While her debut was intelligent and extremely comprehensible considering her age, there was still room tremendous room for growth.

The end of Marling’s teenaged years marked the release of her sophomore album I Speak Because I Can in 2010. This album introduced an even more melancholic tone than Alas. Lyrics similar to the chorus from What He Wrote, “He wrote/I am broke/please send for me/but I am broken too,” graced the album. The 20-year old was disillusioned with the ideas of death, love, and sex. Her haunting voice laminated the tension between her desire and disinclination for love. She distanced herself from the typical folk sound introducing elements. She took more artistic license often embellishing ideas and concepts, many of her songs are personal but not confessional. She also utilized this idea in the 2011 release of her third album, A Creature I Don’t Know. This album is a paradox. It is both intimate and distant.

It’s important to understand that Marling had been touring non-stop since she was 17. The constant touring and album recording began to wear on her mentally and physically. With just a couple of books, guitars, amps and CDs, she boarded a flight to America after wrapping the tour for Once I Was An Eagle. She solo toured the U.S. for a few weeks while working on her new album. The hype of touring and New York began to wear once more. So, she boarded a flight to L.A.

Los Angeles was refreshing but also overwhelming. The warm air fostered her creative spirit while she took an 6-month break on making music.

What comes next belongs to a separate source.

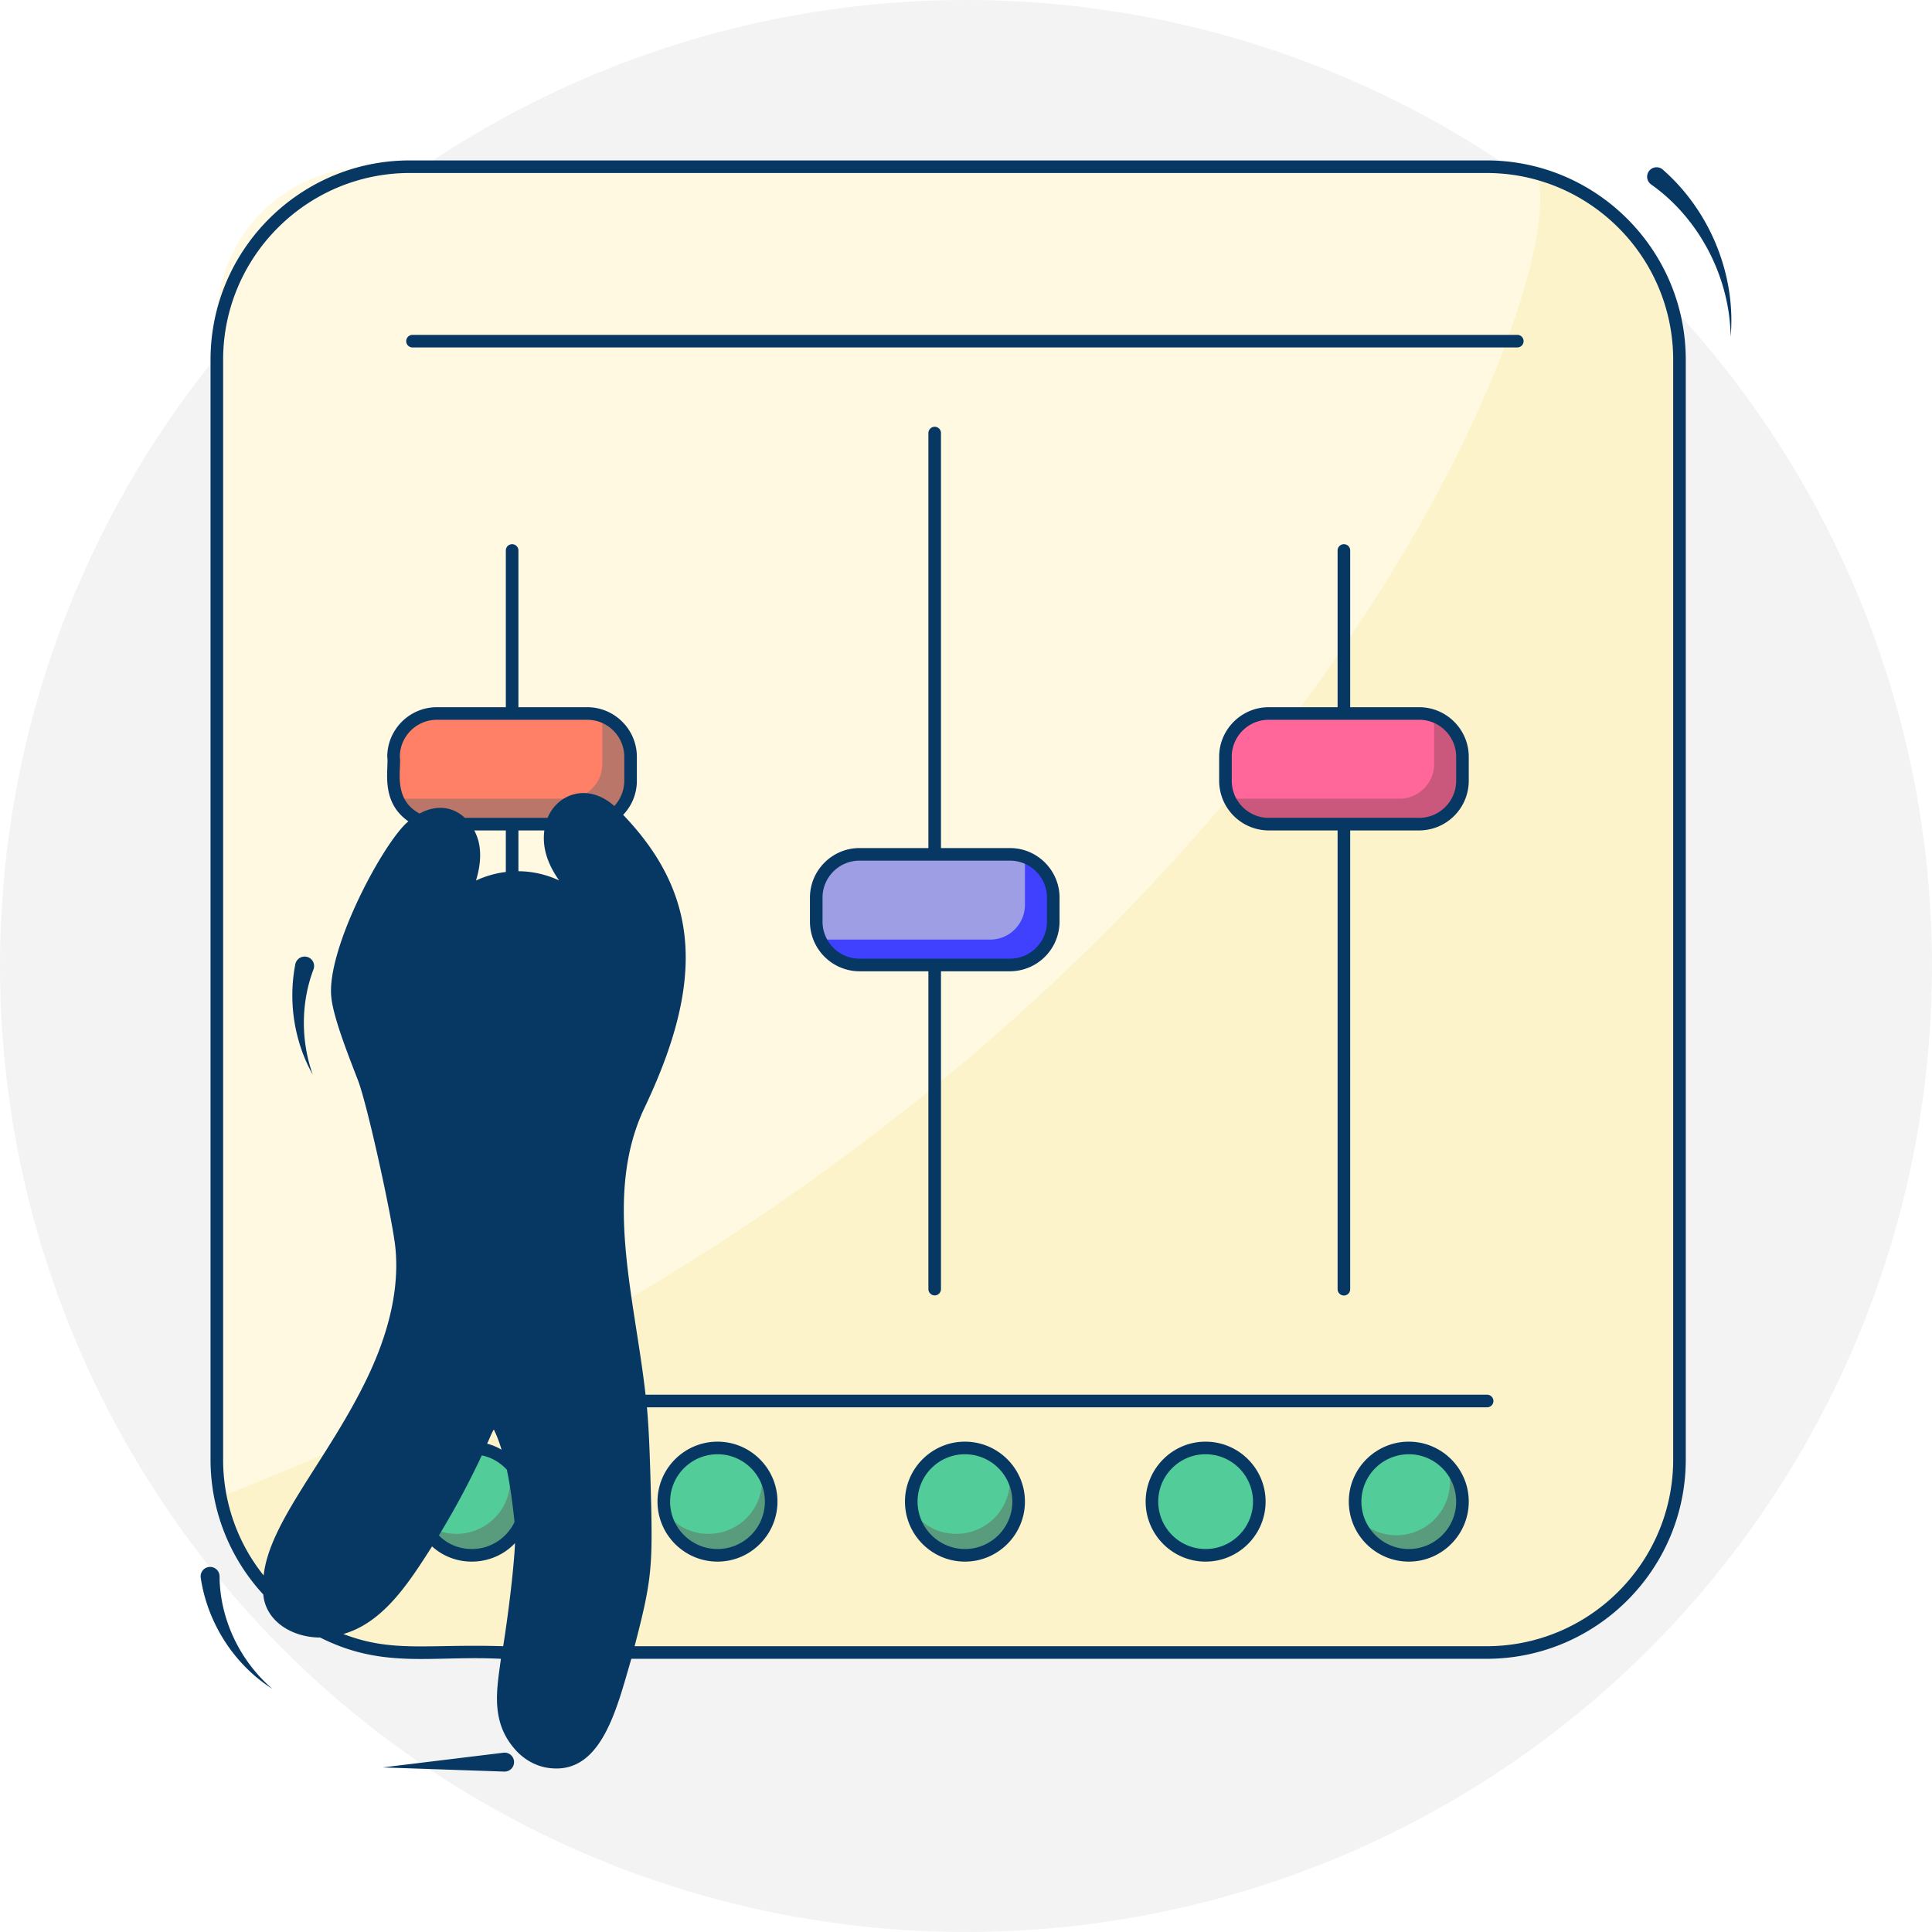 <svg id="SvgjsSvg1032" width="288" height="288" xmlns="http://www.w3.org/2000/svg" version="1.1" xmlns:xlink="http://www.w3.org/1999/xlink" xmlns:svgjs="http://svgjs.com/svgjs"><circle id="SvgjsCircle1059" r="144" cx="144" cy="144" transform="matrix(1,0,0,1,2.842170943040401e-14,2.842170943040401e-14)" fill="#f3f3f3"></circle><defs id="SvgjsDefs1033"></defs><g id="SvgjsG1034" transform="matrix(0.86,0,0,0.86,20.16,20.16)"><svg xmlns="http://www.w3.org/2000/svg" viewBox="0 0 132 132" width="288" height="288"><path fill="#fdf3cb" d="M107.35 120.542H21.811c-8.468 0-15.333-6.865-15.333-15.333V17.837c0-8.469 6.865-15.334 15.333-15.334h85.537c8.469 0 15.334 6.865 15.334 15.334v87.372c0 8.468-6.865 15.333-15.334 15.333z" class="colorFDE4CB svgShape"></path><path fill="#fff9e1" d="M6.477 108.281V14.756c0-6.77 5.492-12.254 12.264-12.254h91.68c6.771 0-13.505 70.612-103.944 105.78z" class="colorFFEFE1 svgShape"></path><circle cx="26.74" cy="108.552" r="4.264" fill="#52cc99" class="colorFF5C5C svgShape"></circle><path fill="#599c7d" d="M30.886 108.547a4.268 4.268 0 0 1-4.27 4.268 4.255 4.255 0 0 1-4.02-2.87 4.211 4.211 0 0 0 2.925 1.167 4.254 4.254 0 0 0 4.022-5.667 4.253 4.253 0 0 1 1.343 3.102z" class="colorEE3C37 svgShape"></path><circle cx="65.913" cy="108.552" r="4.264" fill="#52cc99" class="colorFF5C5C svgShape"></circle><circle cx="46.258" cy="108.552" r="4.264" fill="#52cc99" class="colorFF5C5C svgShape"></circle><path fill="#599c7d" d="M70.59 108.547a4.268 4.268 0 0 1-4.27 4.268 4.255 4.255 0 0 1-4.021-2.87 4.211 4.211 0 0 0 2.926 1.167 4.254 4.254 0 0 0 4.021-5.667 4.253 4.253 0 0 1 1.343 3.102z" class="colorEE3C37 svgShape"></path><circle cx="85.035" cy="108.552" r="4.264" fill="#52cc99" class="colorFF5C5C svgShape"></circle><circle cx="101.18" cy="108.552" r="4.264" fill="#52cc99" class="colorFF5C5C svgShape"></circle><path fill="#599c7d" d="M50.903 108.547a4.268 4.268 0 0 1-4.27 4.268 4.255 4.255 0 0 1-4.02-2.87 4.211 4.211 0 0 0 2.926 1.167 4.254 4.254 0 0 0 4.021-5.667 4.253 4.253 0 0 1 1.343 3.102zm54.652.11a4.268 4.268 0 0 1-4.269 4.269 4.255 4.255 0 0 1-4.021-2.87 4.211 4.211 0 0 0 2.926 1.167 4.254 4.254 0 0 0 4.021-5.667 4.253 4.253 0 0 1 1.343 3.101z" class="colorEE3C37 svgShape"></path><path fill="#ff6699" d="M101.997 54.728H90.054a3.446 3.446 0 0 1-3.446-3.446v-1.9a3.446 3.446 0 0 1 3.446-3.447h11.943a3.446 3.446 0 0 1 3.446 3.446v1.901a3.446 3.446 0 0 1-3.446 3.446z" class="colorF9986E svgShape"></path><path fill="#9e9ee5" d="M69.487 65.92H57.543a3.446 3.446 0 0 1-3.446-3.447v-1.9a3.446 3.446 0 0 1 3.446-3.447h11.944a3.446 3.446 0 0 1 3.446 3.446v1.901a3.446 3.446 0 0 1-3.446 3.446z" class="color9EE5E3 svgShape"></path><path fill="#4040ff" d="M72.88 59.856v3.286a2.758 2.758 0 0 1-2.758 2.757H56.803a2.739 2.739 0 0 1-2.654-2.038c.152.024.304.04.456.04h13.319a2.758 2.758 0 0 0 2.758-2.758v-3.285a2.59 2.59 0 0 0-.096-.712 2.75 2.75 0 0 1 2.294 2.71z" class="color6FCCCF svgShape"></path><path fill="#ff8066" d="M35.91 54.728H23.966a3.446 3.446 0 0 1-3.446-3.446v-1.9a3.446 3.446 0 0 1 3.446-3.447H35.91a3.446 3.446 0 0 1 3.446 3.446v1.901a3.446 3.446 0 0 1-3.446 3.446z" class="colorFFCADE svgShape"></path><path fill="#ca577c" d="M105.391 48.665v3.286a2.758 2.758 0 0 1-2.758 2.757H89.314a2.739 2.739 0 0 1-2.654-2.038c.152.024.304.04.455.04h13.32a2.758 2.758 0 0 0 2.758-2.758v-3.285a2.59 2.59 0 0 0-.096-.712 2.75 2.75 0 0 1 2.294 2.71z" class="colorF1823B svgShape"></path><path fill="#b97669" d="M39.304 48.665v3.286a2.758 2.758 0 0 1-2.759 2.757H23.227a2.739 2.739 0 0 1-2.654-2.038c.151.024.303.04.455.04h13.319a2.758 2.758 0 0 0 2.758-2.758v-3.285a2.59 2.59 0 0 0-.096-.712 2.75 2.75 0 0 1 2.295 2.71z" class="colorF8A3BC svgShape"></path><g fill="#ffffff" class="colorFFF svgShape"><path d="M25.083 54.376c.802.375 1.328 1.206 1.497 2.076.169.87.02 1.772-.242 2.618-.753 2.422-2.421 4.51-2.972 6.984-.649 2.912.507 6.2 2.96 7.898 2.452 1.699 6.08 1.56 8.267-.468.921-.855 1.561-1.966 2.116-3.094 1.061-2.158 1.866-4.685 1.016-6.934-.516-1.364-1.573-2.437-2.527-3.539-1.208-1.395-2.346-3.043-1.878-5.016a2.441 2.441 0 0 1 .85-1.351c1.378-1.083 2.714-.388 3.635.532 5.73 5.723 7.562 11.828 1.978 22.855-3.96 7.821-.21 17.305.257 26.06.106 2 .154 4.001.201 6.003.042 1.758.083 3.523-.113 5.27-.27 2.415-.987 4.759-1.587 7.104-.435 1.7-.997 3.365-1.755 4.947-.67 1.398-1.615 2.82-3.618 2.672a3.552 3.552 0 0 1-2.264-1.08c-1.648-1.701-1.66-4.15-1.19-6.33.391-1.808 1.084-3.55 1.344-5.38.271-1.91.063-3.85-.145-5.767-.285-2.633-.583-5.314-1.65-7.738-.138-.314-.34-.662-.68-.711-.459-.067-.77.44-.955.867a64.529 64.529 0 0 1-5.857 10.642c-1.113 1.637-2.35 3.266-4.06 4.262s-4.009 1.22-5.612.06c-.414-.299-.773-.687-.978-1.155-.22-.502-.251-1.07-.224-1.614a9.028 9.028 0 0 1 1.066-3.795c2.145-4.022 4.909-7.694 6.933-11.776 1.728-3.482 2.912-7.362 2.509-11.228-.239-2.283-1.024-4.53-1.297-6.788-.277-2.284-.896-4.515-1.719-6.663-.455-1.188-.88-2.382-1.288-3.496-.34-.93-.662-1.88-.775-2.864-.474-4.127 2.732-7.983 4.22-11.313a5.217 5.217 0 0 1 1.061-1.514c.3-.304.617-.592.97-.833.79-.54 1.64-.808 2.506-.403z" fill="#073763" class="color000 svgShape"></path><ellipse cx="30.435" cy="67.277" rx="7.562" ry="8.056" transform="rotate(-1.202 30.441 67.272)" fill="#073763" class="color000 svgShape"></ellipse></g><g fill="#073763" class="color553045 svgShape"><path d="M107.352 2h-85.54c-8.73 0-15.83 7.11-15.83 15.84v87.37c0 4.13 1.59 7.9 4.19 10.72.197 2.171 2.347 3.42 4.52 3.42 5.005 2.526 8.864 1.415 14.36 1.69-.325 2.443-.89 5.116 1.31 7.4.75.76 1.72 1.23 2.75 1.3 3.989.328 5.174-4.876 6.3-8.7h67.94c8.73 0 15.83-7.1 15.83-15.83V17.84c0-8.73-7.1-15.84-15.83-15.84zm-90.82 117.07c3.208-.917 5.237-4.124 7.05-6.96 1.842 1.686 4.812 1.62 6.59-.26-.1 2.19-.58 5.94-.94 8.19-6.064-.187-8.784.534-12.7-.97zm11-14.19c.78.16 1.47.57 1.99 1.14.29 1.36.46 2.76.61 4.15-.6 1.27-1.9 2.15-3.39 2.15-1.02 0-1.95-.4-2.62-1.08 1.25-2.06 2.39-4.18 3.41-6.36zm.42-.93c.227-.456.393-.945.54-1.12.247.494.475 1.127.61 1.6a4.31 4.31 0 0 0-1.15-.48zm5.27 24.3c-.65-.05-1.3-.36-1.78-.86-1.914-1.978-1.12-4.698-.69-7.35.45-2.92 1.09-8.03.91-9.68-.05-.5-.11-1.01-.17-1.52.01-.1.01-.19.01-.29 0-.56-.1-1.09-.27-1.59-.254-1.514-1.01-5.5-2.54-5.71-2.087-.344-1.374 2.769-7.54 11.83-1.725 2.525-4.031 5.257-7.18 4.71-.81-.5-1.56-1.08-2.26-1.73-.833-3.605 3.866-8.688 7.43-15.4v-.01c.09-.18.19-.36.28-.54l.01-.01c.66-1.651 3.308-6.322 2.72-11.93-.23-2.19-2.19-11.37-3.06-13.64-1.43-3.743-1.897-5.037-2.02-6.18-.42-3.68 4.47-11.52 5.07-12.21.382-.396.746-.702 1.22-.96.512.08.758.037 1.67.05 1.611 1.127.654 3.776-.2 5.54-1.477 1.28-2.771 3.841-2.71 6.68.099 4.885 3.912 8.63 8.32 8.63h.18c4.34-.078 8.12-3.815 8.12-8.77v-.21c-.035-2.488-1.158-5.57-2.98-7.67-3.76-4.386-.728-7.361 1.77-4.55 5.67 5.84 6.12 12.17 1.57 21.74-4.045 8.516-.029 15.89.39 32.4.144 6.137-.264 6.047-1.37 11.02-.866 2.857-1.926 8.435-4.9 8.21zm4.84-74.96c-2.206-1.944-4.583-.853-5.3.94h-6.58c-.863-.826-2.182-1.117-3.59-.34-2.178-1.148-1.426-3.602-1.57-4.51 0-1.62 1.32-2.94 2.94-2.94h11.95c1.62 0 2.94 1.32 2.94 2.94v1.9c0 .77-.3 1.48-.79 2.01zm-4.39 5.91c-.99-.46-2.08-.72-3.23-.73v-3.24h2.06c-.2 1.51.37 2.82 1.17 3.97zm-6.74-3.97h2.51v3.3c-.82.1-1.62.33-2.37.68.4-1.32.525-2.76-.14-3.98zm10.31 11.9c.118 4.632-3.81 8.084-7.8 7.36-3.25-.52-5.74-3.46-5.82-7.07-.198-9.66 13.467-9.922 13.62-.29zm84.94 38.08c0 8.18-6.65 14.83-14.83 14.83h-67.68c1.274-4.887 1.432-6.14 1.32-11.06-.072-2.834-.141-5.8-.34-7.92h66.75c.27 0 .5-.22.5-.5s-.23-.5-.5-.5h-66.86c-.873-7.805-3.36-15.908-.08-22.8 4.83-10.15 4.35-16.95-1.7-23.27.68-.7 1.09-1.66 1.09-2.71v-1.9c0-2.17-1.77-3.94-3.94-3.94h-5.47V32.99c0-.28-.23-.5-.5-.5-.28 0-.5.22-.5.5v12.45h-5.48c-2.17 0-3.94 1.77-3.94 3.94.143.957-.614 3.533 1.68 5.13-1.897 1.516-6.564 10.154-6.12 14.01.169 1.534 1.183 4.168 2.11 6.55.77 2.01 2.73 11 2.97 13.26.34 3.24-.48 6.88-2.44 10.82-3.093 6.242-7.565 11.067-8.02 15.27a14.703 14.703 0 0 1-3.22-9.21V17.84C6.982 9.66 13.632 3 21.812 3h85.54c8.18 0 14.83 6.66 14.83 14.84v87.37z" fill="#073763" class="color000 svgShape"></path><path d="M109.798 15.859h-87.77a.5.5 0 1 0 0 1h87.77a.5.5 0 1 0 0-1zm-24.766 87.93c-2.62 0-4.76 2.14-4.76 4.76 0 2.63 2.14 4.77 4.76 4.77 2.63 0 4.77-2.14 4.77-4.77 0-2.62-2.14-4.76-4.77-4.76zm0 8.53a3.77 3.77 0 0 1-3.76-3.77c0-2.07 1.69-3.76 3.76-3.76a3.77 3.77 0 0 1 3.77 3.76c0 2.08-1.69 3.77-3.77 3.77zm-19.12-8.53c-2.62 0-4.76 2.14-4.76 4.76 0 2.63 2.14 4.77 4.76 4.77 2.63 0 4.77-2.14 4.77-4.77 0-2.62-2.14-4.76-4.77-4.76zm0 8.53a3.77 3.77 0 0 1-3.76-3.77c0-2.07 1.69-3.76 3.76-3.76a3.77 3.77 0 0 1 3.77 3.76c0 2.08-1.69 3.77-3.77 3.77zm-19.65-8.53c-2.63 0-4.77 2.14-4.77 4.76 0 2.63 2.14 4.77 4.77 4.77 2.62 0 4.76-2.14 4.76-4.77 0-2.62-2.14-4.76-4.76-4.76zm0 8.53c-2.08 0-3.77-1.69-3.77-3.77a3.77 3.77 0 0 1 3.77-3.76c2.07 0 3.76 1.69 3.76 3.76a3.77 3.77 0 0 1-3.76 3.77zm54.92-8.53c-2.63 0-4.77 2.14-4.77 4.76 0 2.63 2.14 4.77 4.77 4.77 2.62 0 4.76-2.14 4.76-4.77 0-2.62-2.14-4.76-4.76-4.76zm0 8.53c-2.08 0-3.77-1.69-3.77-3.77a3.77 3.77 0 0 1 3.77-3.76c2.07 0 3.76 1.69 3.76 3.76a3.77 3.77 0 0 1-3.76 3.77zm.82-66.88h-5.48V32.99c0-.28-.22-.5-.5-.5-.27 0-.5.22-.5.5v12.45h-5.47c-2.17 0-3.94 1.77-3.94 3.94v1.9a3.95 3.95 0 0 0 3.94 3.95h5.47v36.45c0 .27.23.5.5.5.28 0 .5-.23.5-.5V55.23h5.48a3.95 3.95 0 0 0 3.94-3.95v-1.9c0-2.17-1.77-3.94-3.94-3.94zm2.94 5.84c0 1.63-1.32 2.95-2.94 2.95h-11.95c-1.62 0-2.94-1.32-2.94-2.95v-1.9c0-1.62 1.32-2.94 2.94-2.94h11.95c1.62 0 2.94 1.32 2.94 2.94v1.9zm-35.45 5.35h-5.48V23.66c0-.27-.22-.5-.5-.5-.27 0-.5.23-.5.5v32.97h-5.47c-2.17 0-3.94 1.77-3.94 3.94v1.9a3.95 3.95 0 0 0 3.94 3.95h5.47v25.25c0 .27.23.5.5.5.28 0 .5-.23.5-.5V66.42h5.48a3.95 3.95 0 0 0 3.94-3.95v-1.9c0-2.17-1.77-3.94-3.94-3.94zm2.94 5.84c0 1.63-1.32 2.95-2.94 2.95h-11.95c-1.62 0-2.94-1.32-2.94-2.95v-1.9c0-1.62 1.32-2.94 2.94-2.94h11.95c1.62 0 2.94 1.32 2.94 2.94v1.9zM29.258 128.5l-9.594 1.169 9.62.33.043.002a.753.753 0 1 0-.07-1.501zM6.699 114.486a.752.752 0 1 0-1.496.115l.001.007c.556 3.691 2.737 6.951 5.7 8.827-2.666-2.278-4.19-5.667-4.205-8.95zm6.9-49.221a.753.753 0 0 0-.882.597l-.002.007c-.589 3.057-.048 6.204 1.386 8.76-.98-2.763-.917-5.785.06-8.358a.753.753 0 0 0-.562-1.007zM121.36 2.732a.751.751 0 1 0-.931 1.176c3.75 2.647 6.242 7.254 6.32 12.095.422-4.822-1.563-9.914-5.39-13.271z" fill="#073763" class="color000 svgShape"></path></g></svg></g></svg>

The break created her most cohesive album to date, Short Movie, which was released in 2015. The title was inspired by a flute playing shaman that she meet at a vegan restaurant in Mount Shasta, California. Short Movie is her first album to feature any electric instruments; she used her father’s old Gibson 335. This album is a culmination of her quarter-life crisis and her feelings of the overwhelming vastness of the world. Marling drew inspiration from writers Alejandro Jodorowsky and Carl Jung. Those writers helped her understand her feelings of loneliness and her place in this world. In a Pitchfork review of Short Movie, the music website succinctly stated, “The crises she’s grappling here are the same ones she’s confronted her entire career: love as a threat to autonomy, suitors as perpetual disappointments, wariness of intimacy but also of the alternatives.” This album also featured Marling’s ideals concerning gender and sexuality drawing inspiration from Austrian poet Rainer Maria Rilke. Which inspired her 10-part series podcast, Reversal of the Muse. Reversal of the Muse, hosted by Marling features only female guests laminating the issues faced by women in the male-dominated industry. This podcast is avouches that women are more than just muses in music.

Fans worldwide are writhing in anticipation of the 2017 release of her latest album, Super Femina. Laura Marling has come a long way from the whimsical teenager to an ever evolving modern woman. Many artists convey their feelings through their music, but not many can wholeheartedly convey vulnerability like her. This angelic-voiced lady has thoughtfully articulated her dreams, ideas and pains through music for a decade. She has beautifully matured into a sultry, soft-spoken artist with the world at her fingertips. Her music is soaked in mysticism while still grounded in reality. Laura Marling’s reality is that of 25-year-old woman still on a journey to self-realization.